━━ RECORD EXCERPTS ━━

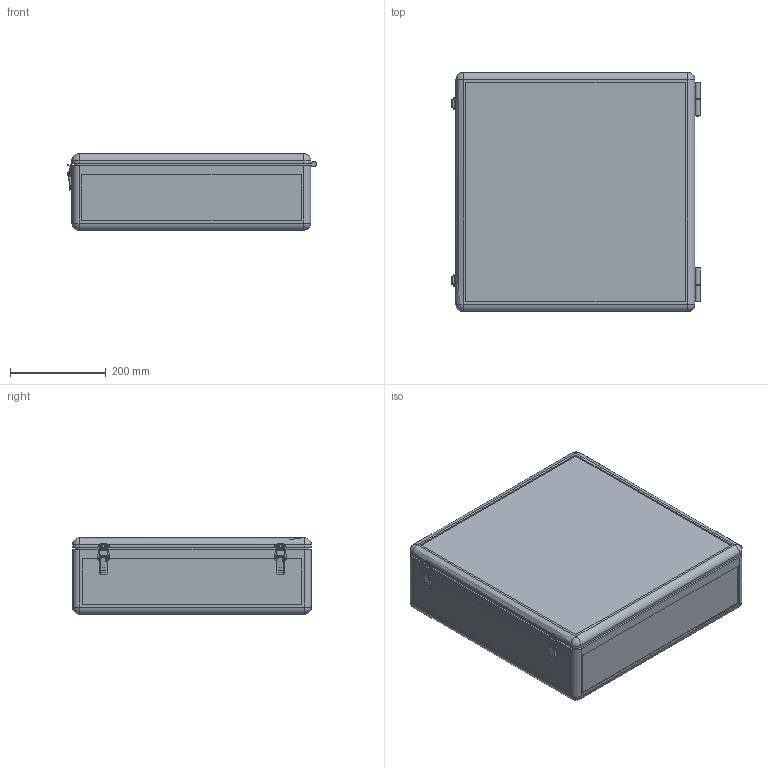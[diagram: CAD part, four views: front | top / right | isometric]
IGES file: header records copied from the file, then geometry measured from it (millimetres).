
Start section: SolidWorks IGES file using analytic representation for surfaces
Global section: file name: CHB-508N-IGS.igs,1; native system: 5HSolidWorks 2011; preprocessor: SolidWorks 2011; author: tsukiji2557; date: 240514.153230; units: millimetre
Bounding box: 520.6 x 500 x 160 mm (x, y, z)
Surface area: 1989888.4 mm2 (no closed solid volume)
Topology: 0 solids, 0 shells, 1722 faces, 15195 edges, 15138 vertices
Faces by surface type: bspline 1292, revolution 430

━━━

■ DIRECTIONS
The entries above need to be repeated in full, word for word. Skip the images.

■ WRITTEN RESPONSE
[diagram: CAD part, four views: front | top / right | isometric]
IGES file: header records copied from the file, then geometry measured from it (millimetres).
Start section: SolidWorks IGES file using analytic representation for surfaces
Global section: file name: CHB-508N-IGS.igs,1; native system: 5HSolidWorks 2011; preprocessor: SolidWorks 2011; author: tsukiji2557; date: 240514.153230; units: millimetre
Bounding box: 520.6 x 500 x 160 mm (x, y, z)
Surface area: 1989888.4 mm2 (no closed solid volume)
Topology: 0 solids, 0 shells, 1722 faces, 15195 edges, 15138 vertices
Faces by surface type: bspline 1292, revolution 430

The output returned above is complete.